[Data extracted from a collection]
+ + + + + + +
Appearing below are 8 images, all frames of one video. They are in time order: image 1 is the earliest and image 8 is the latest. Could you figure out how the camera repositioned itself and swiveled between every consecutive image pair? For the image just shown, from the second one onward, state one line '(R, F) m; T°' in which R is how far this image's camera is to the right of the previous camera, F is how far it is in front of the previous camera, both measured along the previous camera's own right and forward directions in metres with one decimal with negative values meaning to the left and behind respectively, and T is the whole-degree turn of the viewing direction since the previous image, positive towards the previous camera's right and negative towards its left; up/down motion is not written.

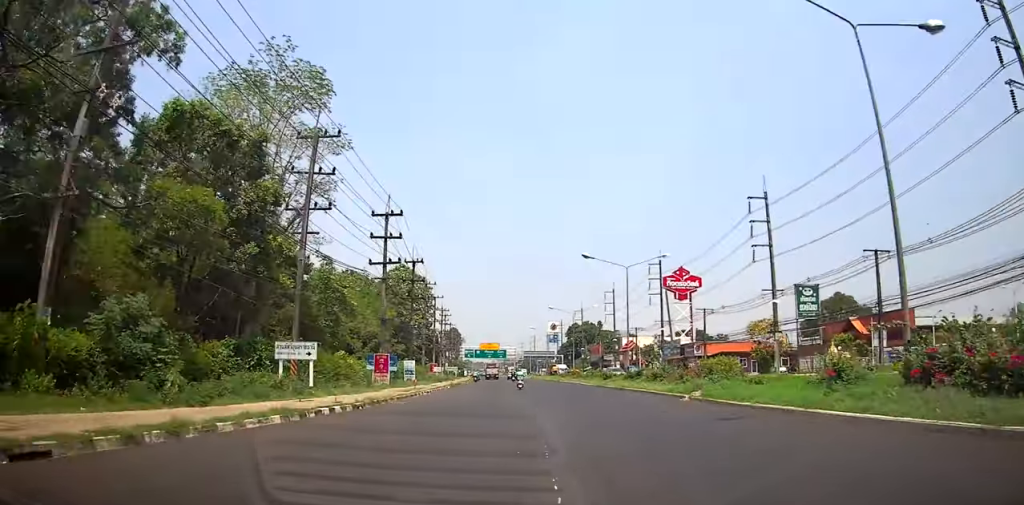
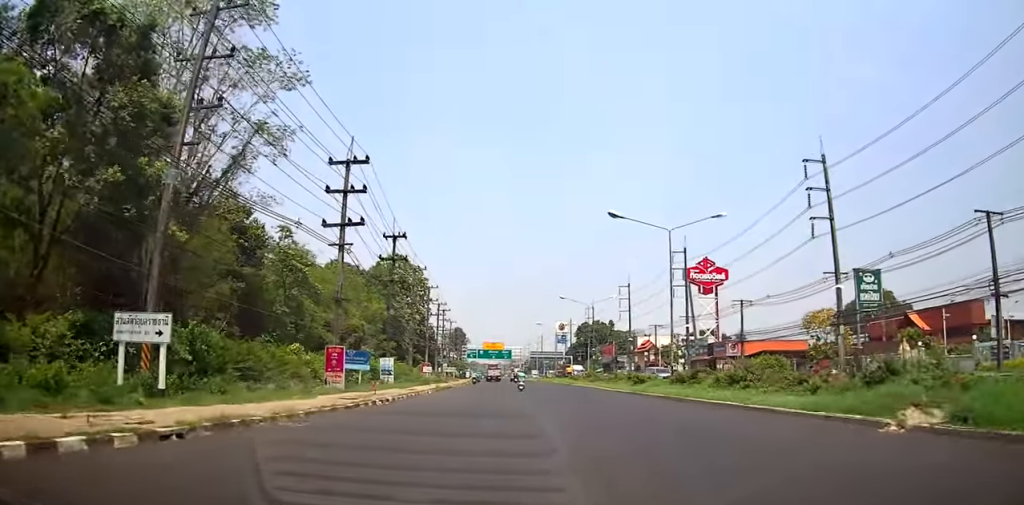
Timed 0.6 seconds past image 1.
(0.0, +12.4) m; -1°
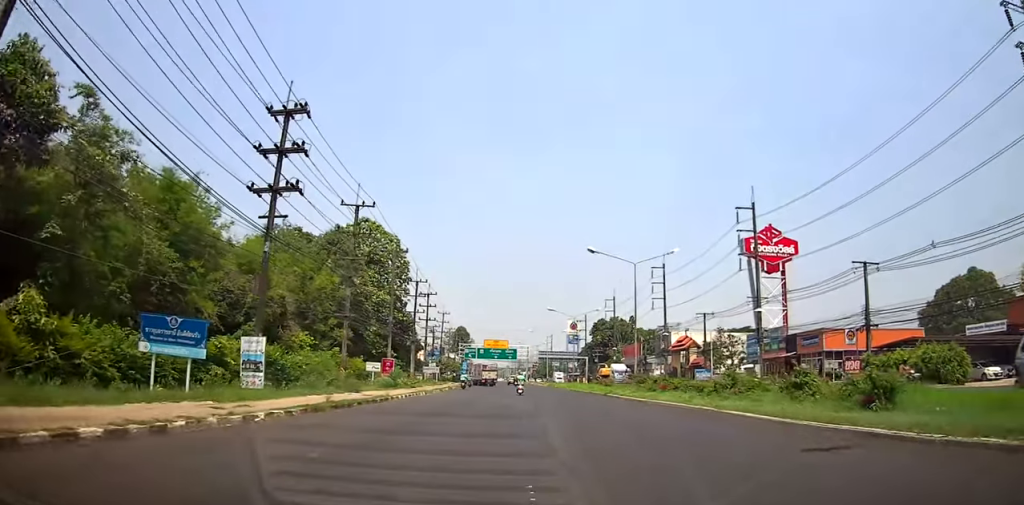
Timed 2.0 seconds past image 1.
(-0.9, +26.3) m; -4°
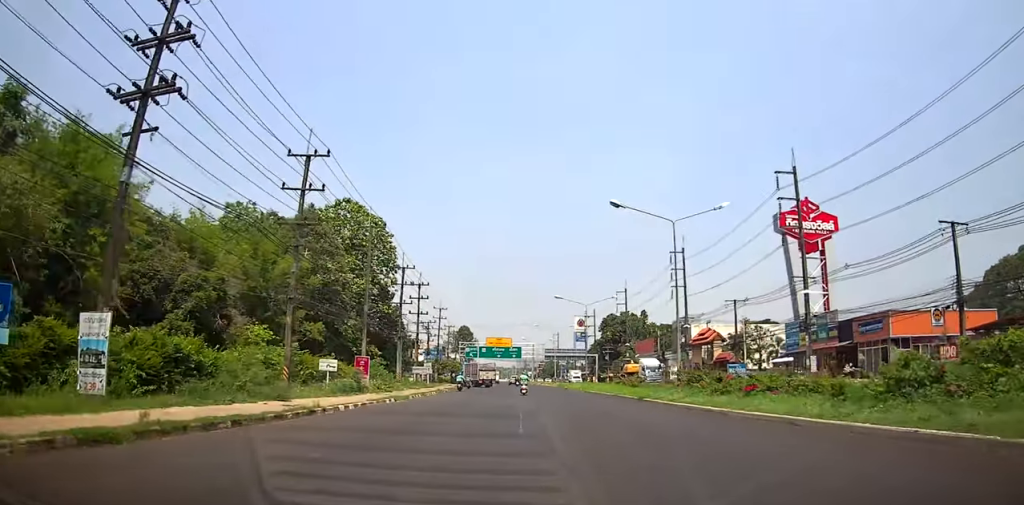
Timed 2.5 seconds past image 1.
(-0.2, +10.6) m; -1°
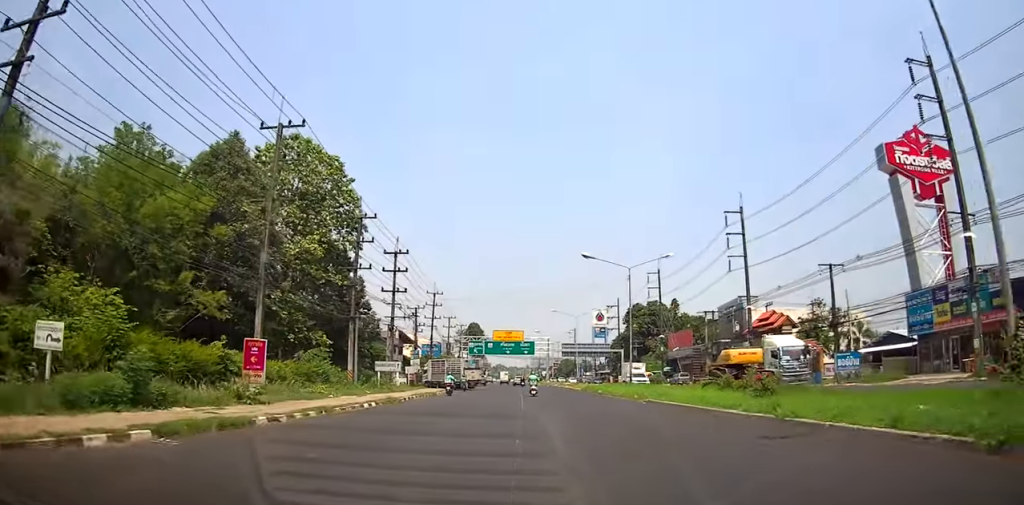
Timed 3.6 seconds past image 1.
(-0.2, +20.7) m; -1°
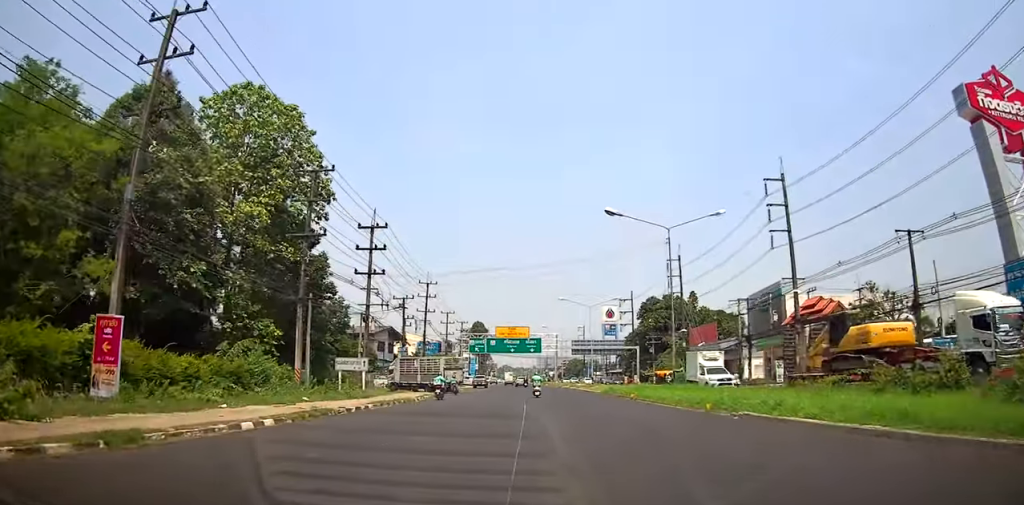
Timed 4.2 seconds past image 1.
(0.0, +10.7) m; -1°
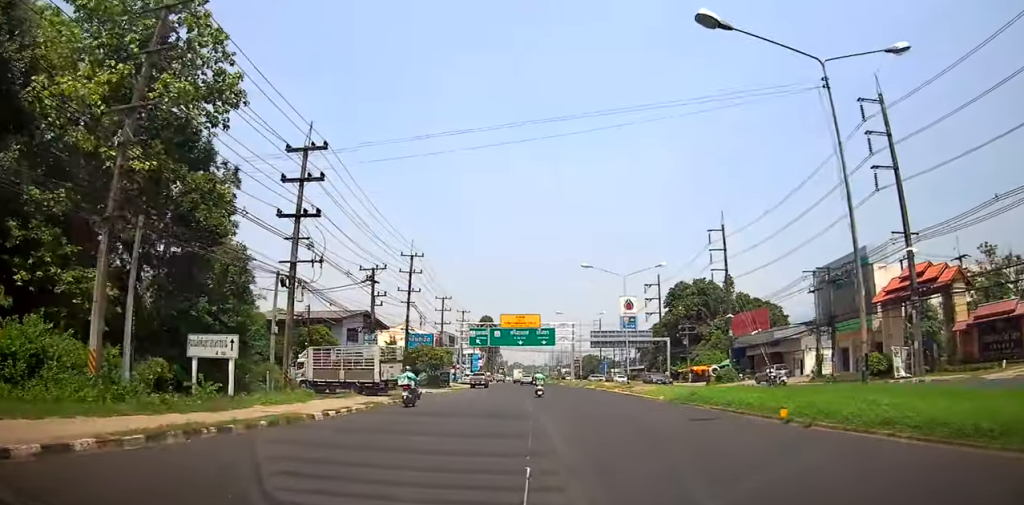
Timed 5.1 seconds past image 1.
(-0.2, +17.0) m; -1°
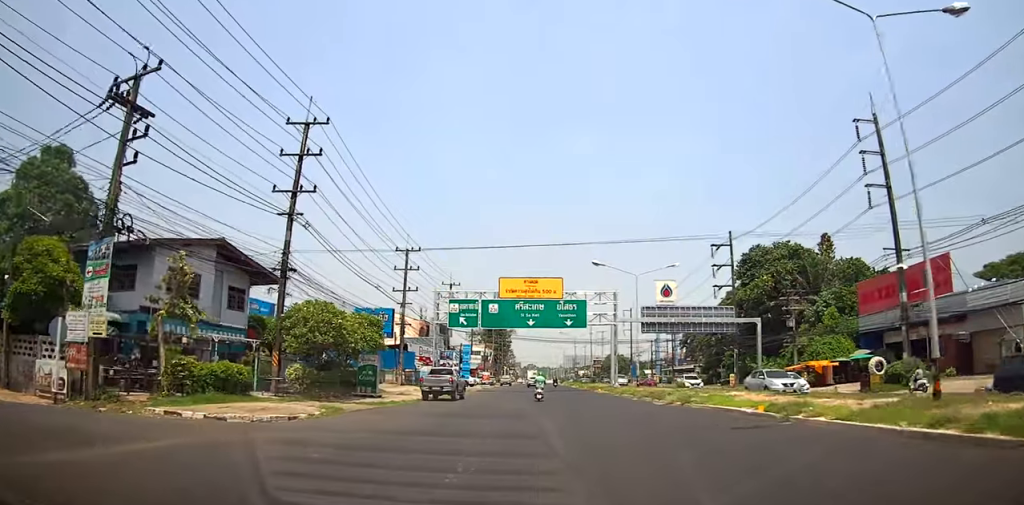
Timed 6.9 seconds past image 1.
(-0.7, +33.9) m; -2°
+ + + + + + +
# [Your task]
Return every entry above exactly as written, minus the pictures.

# [Result below]
Appearing below are 8 images, all frames of one video. They are in time order: image 1 is the earliest and image 8 is the latest. Could you figure out how the camera repositioned itself and swiveled between every consecutive image pair? For the image just shown, from the second one onward, state one line '(R, F) m; T°' in which R is how far this image's camera is to the right of the previous camera, F is how far it is in front of the previous camera, both measured along the previous camera's own right and forward directions in metres with one decimal with negative values meaning to the left and behind respectively, and T is the whole-degree turn of the viewing direction since the previous image, positive towards the previous camera's right and negative towards its left; up/down motion is not written.

Timed 0.6 seconds past image 1.
(0.0, +12.4) m; -1°
Timed 2.0 seconds past image 1.
(-0.9, +26.3) m; -4°
Timed 2.5 seconds past image 1.
(-0.2, +10.6) m; -1°
Timed 3.6 seconds past image 1.
(-0.2, +20.7) m; -1°
Timed 4.2 seconds past image 1.
(0.0, +10.7) m; -1°
Timed 5.1 seconds past image 1.
(-0.2, +17.0) m; -1°
Timed 6.9 seconds past image 1.
(-0.7, +33.9) m; -2°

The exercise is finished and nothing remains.